Este ahorro energético no solo reduce los costes operativos, sino que también contribuye a disminuir la huella de carbono del centro de datos, un aspecto cada vez más relevante para cumplir los objetivos europeos de sostenibilidad.


Aspectos que deben evaluarse antes de cambiar el sistema de refrigeración


La transición hacia tecnologías más eficientes requiere un análisis previo de la infraestructura existente.

Es necesario comprobar la compatibilidad de los servidores, la capacidad estructural del edificio para soportar nuevos equipos, la formación técnica del personal encargado del mantenimiento y las posibilidades de reutilizar el calor generado.

Una correcta planificación permitirá obtener el máximo rendimiento energético sin comprometer la disponibilidad del servicio.

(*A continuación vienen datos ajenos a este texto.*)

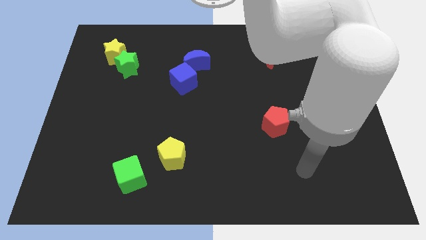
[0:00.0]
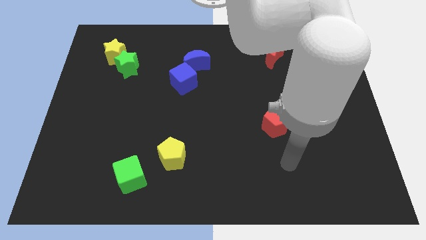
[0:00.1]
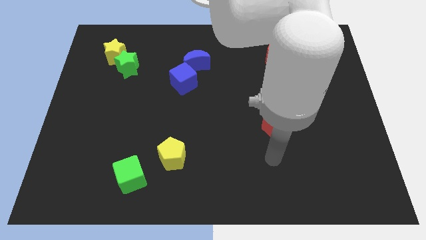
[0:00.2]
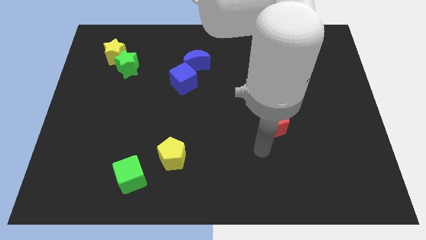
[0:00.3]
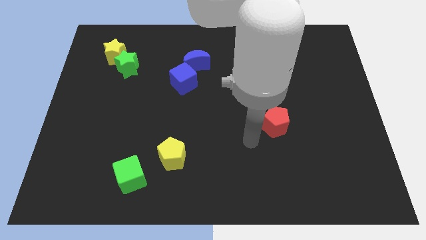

La refrigeración será decisiva en la evolución del sector


El crecimiento constante del tráfico de datos y el desarrollo de aplicaciones basadas en inteligencia artificial están transformando el diseño de los centros de datos.

En este nuevo escenario, la refrigeración deja de ser un simple sistema de apoyo para convertirse en un elemento estratégico capaz de mejorar la eficiencia energética, reducir emisiones y garantizar la continuidad del servicio.

Las soluciones de refrigeración líquida, junto con tecnologías como el free-cooling y la recuperación del calor residual, marcarán el futuro de unas infraestructuras cada vez más exigentes desde el punto de vista técnico y medioambiental.